Actually love this band so much more now, as a grown up, and I definitely raised my own kids on their music! ❤️
I love your reviews; they always amaze. However, this time you out did yourself. This time you brought me back to 1969 and my first love, Ginny. I actually relived the feeling and thrill of love for her as I did then and the emotion of us listening to Whole Lot of Love for the 1st time. I had just bought Ginny Let it Be and days later at a party, I/we heard Zepplin for the first time. You hit a home run with this post. You filled my senses and allowed me to relive yesterday. Ginny and I broke up but it was magic while it lasted. Music always brings me back to a very special time in my life and Whole Lot of Love is the key. Thank you my friend!
1977 i was 15 & i took my first trip on a train , to ny city (first) , climbed the steps to the top of the empire state building (first), then to the garden to see led zeppelin in concert!
The greatest band ever!
i can remember very vividly where i was when i first heard whole lotta love by zepplin. i was 15, riding with my family going shopping. mom and dad, big sister, my four brothers and me were in our chevy station wagon, were listening to an am radio station out of lancaster pa. when it came on, i very quicly asked my dad to turn it up, by the time it was over all of us kids were tapping our fingers along with it. i wondering who it was, they didnt say who it was till a few songs later, they said that they started that set of songs with a new group from england named led zepplin. needless to say i was very much drawn into the band and into rock and roll more than what i was before. wasnt long after that i was paying more attention to what was on the radio. listening for other songs that sparked my interest as well, beatles, stones, elvis, buddy holly. it was a great time to be alive and be a teenager. music more or less exploded for me after awhile and have been playing guitar ever since. beatles, doors, stones, animals, steppenwolf, on ed sullivan. yes i saw the beatles the first time on ed sullivan. saw a bunch of bands, watched it every sunday night just to see what band was going to be on. temptations, james brown, crazy world of arthur brown, i was hooked. but still remember the very early days of rock and roll being played on AM radio stations. was a great time to be alive. nothing like riding with your freinds, radio blasting, catching a buzz with best friends, not hurting anyone just enjoying life.
Has to be the greatest Rock band of all time!! If I had to choose my favourite track of all time Whole Lotta Love would be it.
I will always be sad that Zep or any of their members never made it to South Africa.
Love your channel Prof.
Whole Lotta Love is one song that I remember exactly where I was when first heard it: Thanksgiving weekend, 16 years old, zooming on the freeway through Portland, OR, in a convertible with the top down, at night, with my foster sisters and a couple of guys from a local band.

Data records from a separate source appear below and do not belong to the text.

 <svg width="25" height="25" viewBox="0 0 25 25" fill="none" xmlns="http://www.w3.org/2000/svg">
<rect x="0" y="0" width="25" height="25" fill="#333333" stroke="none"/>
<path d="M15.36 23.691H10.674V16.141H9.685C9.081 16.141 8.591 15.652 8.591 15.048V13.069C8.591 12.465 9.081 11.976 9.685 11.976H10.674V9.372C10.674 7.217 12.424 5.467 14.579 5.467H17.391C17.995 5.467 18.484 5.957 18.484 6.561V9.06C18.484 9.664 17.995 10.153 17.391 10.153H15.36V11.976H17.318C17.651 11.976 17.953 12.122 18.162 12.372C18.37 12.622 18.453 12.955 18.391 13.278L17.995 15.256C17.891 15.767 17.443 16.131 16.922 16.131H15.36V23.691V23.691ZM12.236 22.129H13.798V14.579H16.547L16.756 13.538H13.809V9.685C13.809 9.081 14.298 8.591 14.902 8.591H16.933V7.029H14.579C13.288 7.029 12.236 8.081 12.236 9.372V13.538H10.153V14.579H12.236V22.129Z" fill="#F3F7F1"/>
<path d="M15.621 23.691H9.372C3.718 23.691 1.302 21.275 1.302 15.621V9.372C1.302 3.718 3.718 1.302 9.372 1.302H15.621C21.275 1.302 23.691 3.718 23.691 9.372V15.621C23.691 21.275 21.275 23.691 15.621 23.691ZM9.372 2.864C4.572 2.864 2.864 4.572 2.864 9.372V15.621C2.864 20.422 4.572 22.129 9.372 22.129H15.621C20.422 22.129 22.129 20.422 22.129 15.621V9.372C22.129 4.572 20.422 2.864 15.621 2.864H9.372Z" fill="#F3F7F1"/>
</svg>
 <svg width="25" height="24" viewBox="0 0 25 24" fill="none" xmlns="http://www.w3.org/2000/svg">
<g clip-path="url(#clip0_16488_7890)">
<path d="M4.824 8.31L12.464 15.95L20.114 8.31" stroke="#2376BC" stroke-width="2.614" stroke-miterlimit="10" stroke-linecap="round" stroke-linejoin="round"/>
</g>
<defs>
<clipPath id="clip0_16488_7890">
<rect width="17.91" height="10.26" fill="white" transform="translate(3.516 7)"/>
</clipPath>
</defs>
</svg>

This song blasting on the radio, my sisters and I completely blown away hearing it. Over 50 years ago! Good times.
For me the greatest Led Zeppelin album is the one I'm listening to or most recently heard. I was born in 1952 and above all others they had me forever right from GTBT LZ I.
I’m a huge Led Zeppelin fan. I had the opportunity to see Robert Plant in concert a few years back in Oklahoma. My seat was on the balcony looking down at the stage. After they finished a song and the applause quieted down I said “ I love you Robert!” He looked up at me like “ Shut up Dave!” Lol. Love the Zeppelin!
Professor of Rock, you are the best I’ve seen or heard in this field of music. You would have been the best on television 📺 back in the days when it was popular on MTV, which if it’s still on air is junk. Thanks for the time and educational videos!!!!
Nice tribute. As a 15 year old, used to light up, throw the headphones on and enjoy the ride of this tune
I saw LED Zeppelin in 1977 in Greensboro, North Carolina. I was a senior in high school. Words truly cannot describe what it was like that night. I still have the t shirt from the tour. I will always cherish the fact that I actually witnessed these guys live in concert!! Something I can't really convey in my feeble words.